The writers don't exactly help us out on understanding why Starfleet doesn't have enough ships to perform its duties. I mean, there's the real-world precedent of nobody ever having enough of anything - but why does that apply to the futuristic Starfleet so absolutely? Here on Earth, military budgets may be bloated to temporarily create situations where the army indeed is strong enough (despite its inevitable protestations); why is this never the case in Trek? Or, alternately, why are we always catching Starfleet when it's short on ships or staff, or where it's short on ships or staff, regardless of whether this is peacetime or wartime, the far frontier or the vicinity of Earth?

But it's for the best that they don't touch upon the issue much. We need to believe in the shortage of ships, for most of the Trek plots to work. An explanation might fail us; lack thereof allows us to believe the perfect explanation might exist, somewhere, somehow.

Timo Saloniemi
 
The underlying problem of course being, they never do.

If Starfleet could build starships easily (and never mind quickly), it would have those. It never has, though - most of the time, Kirk is the only one responding, in the nick of time, and without the option of backup, or then Kirk is the backup and it's indicated there's no third option lining up if our hero fails.

The writers don't exactly help us out on understanding why Starfleet doesn't have enough ships to perform its duties. I mean, there's the real-world precedent of nobody ever having enough of anything - but why does that apply to the futuristic Starfleet so absolutely? Here on Earth, military budgets may be bloated to temporarily create situations where the army indeed is strong enough (despite its inevitable protestations); why is this never the case in Trek? Or, alternately, why are we always catching Starfleet when it's short on ships or staff, or where it's short on ships or staff, regardless of whether this is peacetime or wartime, the far frontier or the vicinity of Earth?

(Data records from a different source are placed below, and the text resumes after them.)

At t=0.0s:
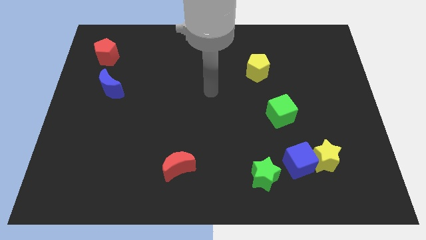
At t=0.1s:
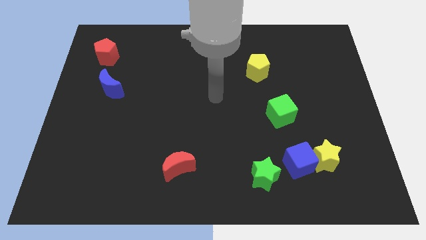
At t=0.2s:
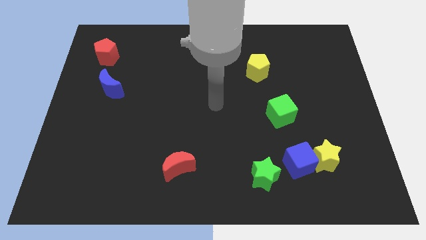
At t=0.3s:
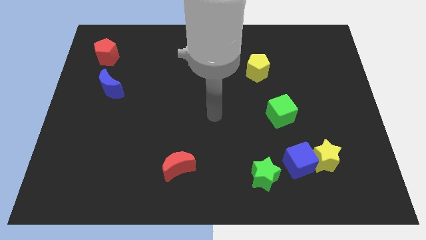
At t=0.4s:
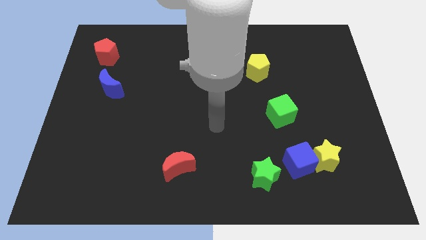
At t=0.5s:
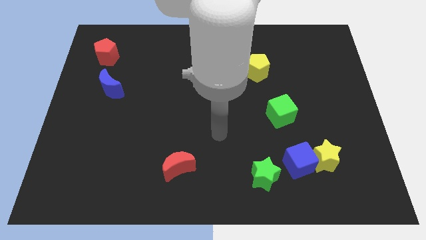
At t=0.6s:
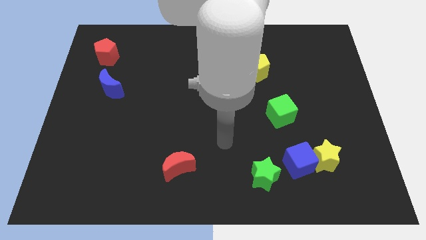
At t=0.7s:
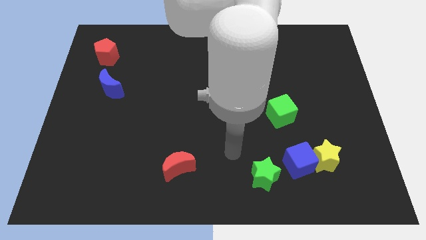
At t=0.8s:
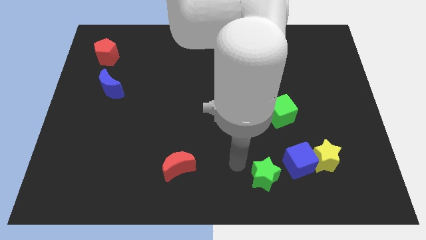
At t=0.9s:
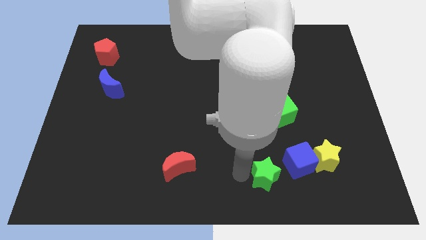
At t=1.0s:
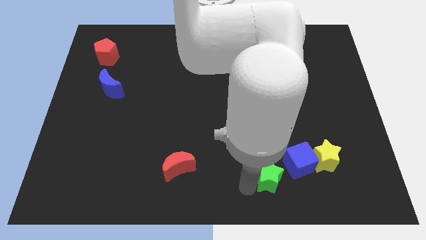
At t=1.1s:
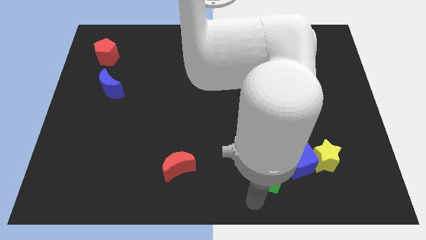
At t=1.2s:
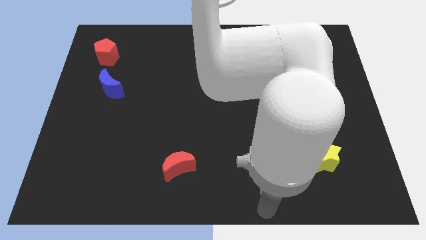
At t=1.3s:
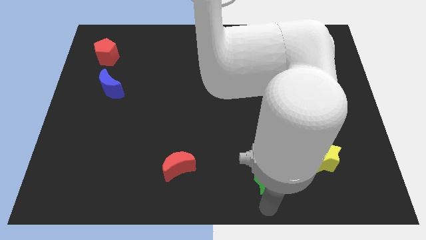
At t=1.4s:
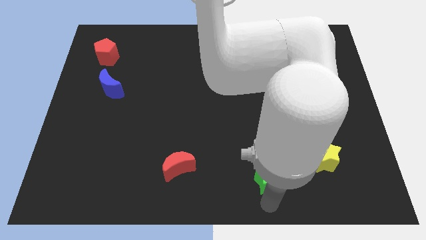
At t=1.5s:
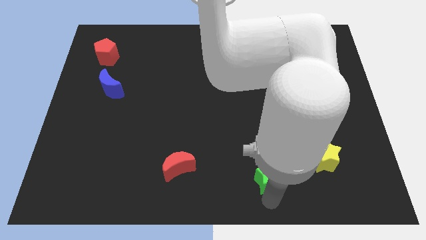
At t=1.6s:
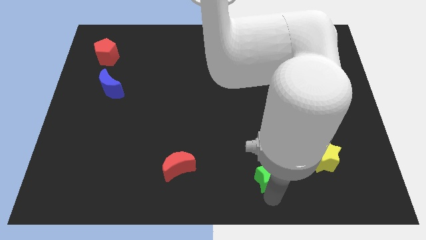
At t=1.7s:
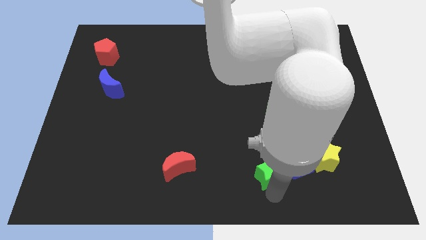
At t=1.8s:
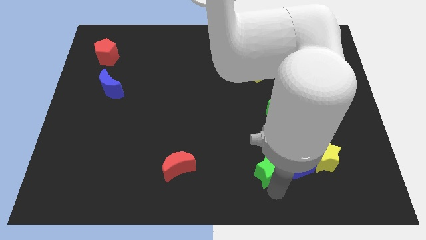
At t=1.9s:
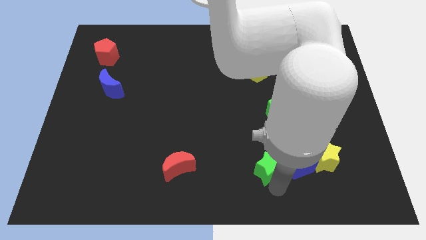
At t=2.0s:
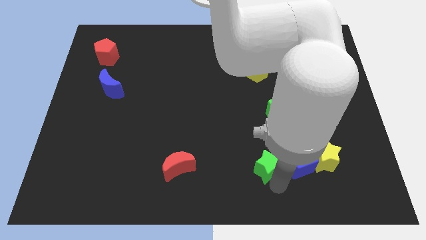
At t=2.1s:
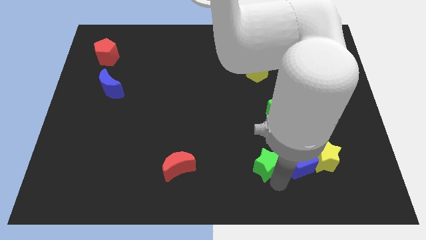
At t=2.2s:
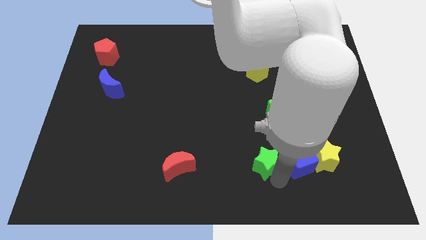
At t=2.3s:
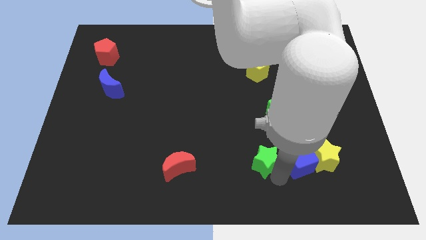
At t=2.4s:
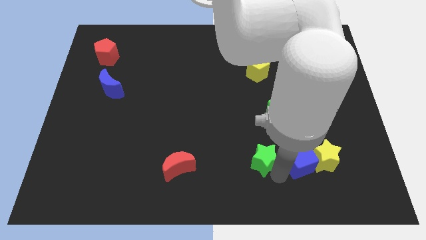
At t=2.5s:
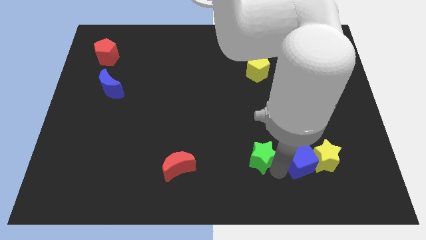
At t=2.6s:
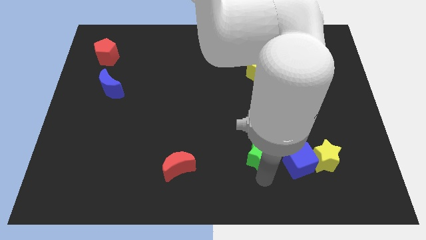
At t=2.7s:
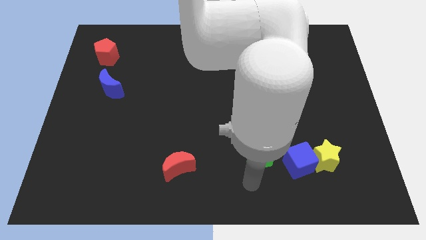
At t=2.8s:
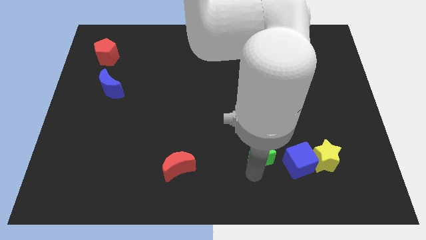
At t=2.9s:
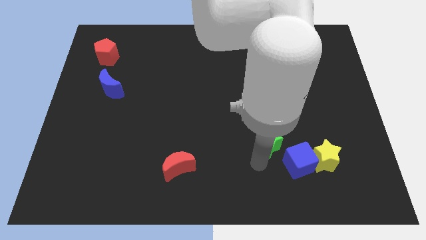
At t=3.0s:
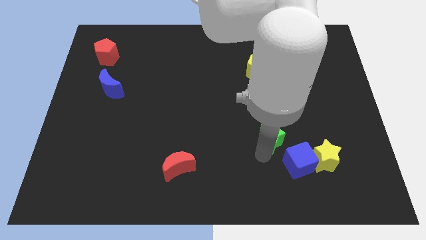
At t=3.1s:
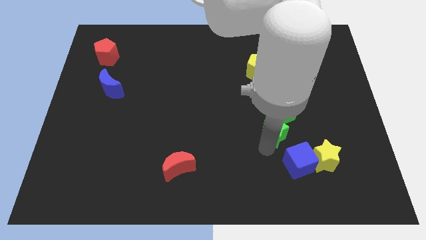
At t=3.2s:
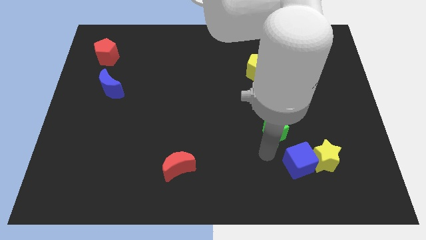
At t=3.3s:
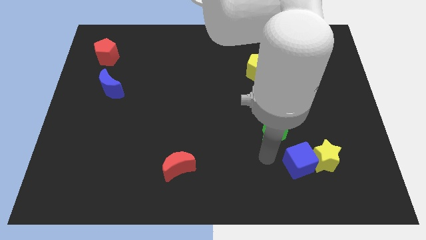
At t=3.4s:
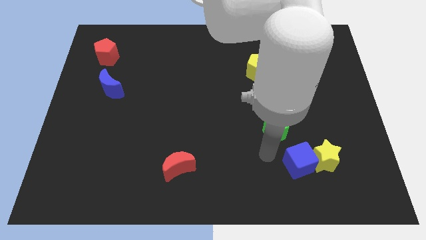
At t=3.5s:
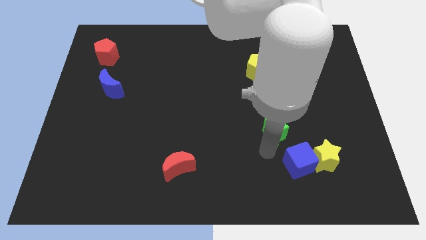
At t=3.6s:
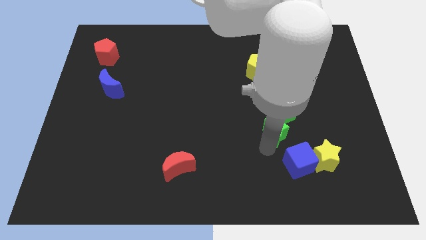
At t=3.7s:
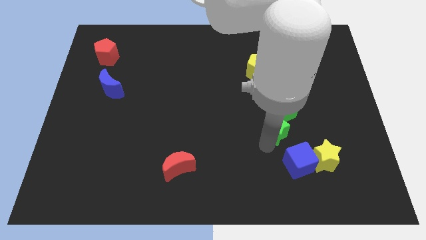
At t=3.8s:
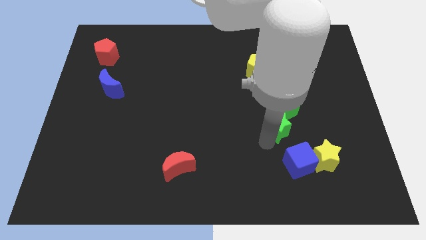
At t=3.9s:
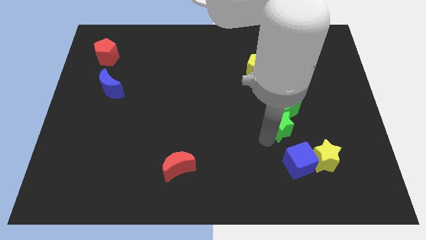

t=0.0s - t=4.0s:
slide the green star towards the green cube

But it's for the best that they don't touch upon the issue much. We need to believe in the shortage of ships, for most of the Trek plots to work. An explanation might fail us; lack thereof allows us to believe the perfect explanation might exist, somewhere, somehow.

Timo Saloniemi
Starfleet brought in a hastily assembled task force at the BoBS with very little notice. Maybe by TOS they don't have as many ships as they simply lost too many well trained crew and ships, and the decision was made to slowly rebuild.

During the Napoleonic wars, France lost a good deal of their expertise early on, and earlier during the revolutionary period and the Terror. Bonaparte's attempt around this problem was simply to out-built Britain in the number of ships it could put to sea, but it did so without experienced crew and the results was costly mistake in terms of life and resources. There may be political reasons why Starfleet started to keep its numbers more closely in check as well. The member states may simply have been uncomfortable with that many mostly human "this is not a warship" ships sitting around with nothing to do.
 
It's infuriating to me just how quick a lot of fans are to use terms such as "lazy" when describing the creative efforts of people who write for, produce or direct their beloved franchises.

Writers tend to focus on story, character, theme, style. It's fans who value continuity so highly.
 
But it's for the best that they don't touch upon the issue much. We need to believe in the shortage of ships, for most of the Trek plots to work. An explanation might fail us; lack thereof allows us to believe the perfect explanation might exist, somewhere, somehow.

Timo Saloniemi
Indeed.
For example, I am reasonably certain that I could find an explanation that I would find satisfactory for why a Federation of post-scarcity worlds might still find Starships to be rare and precious.
I am far less certain that my explanation would satisfy you or anyone else in particular.
But we can all take comfort in the idea that there is an answer we'd find sufficient.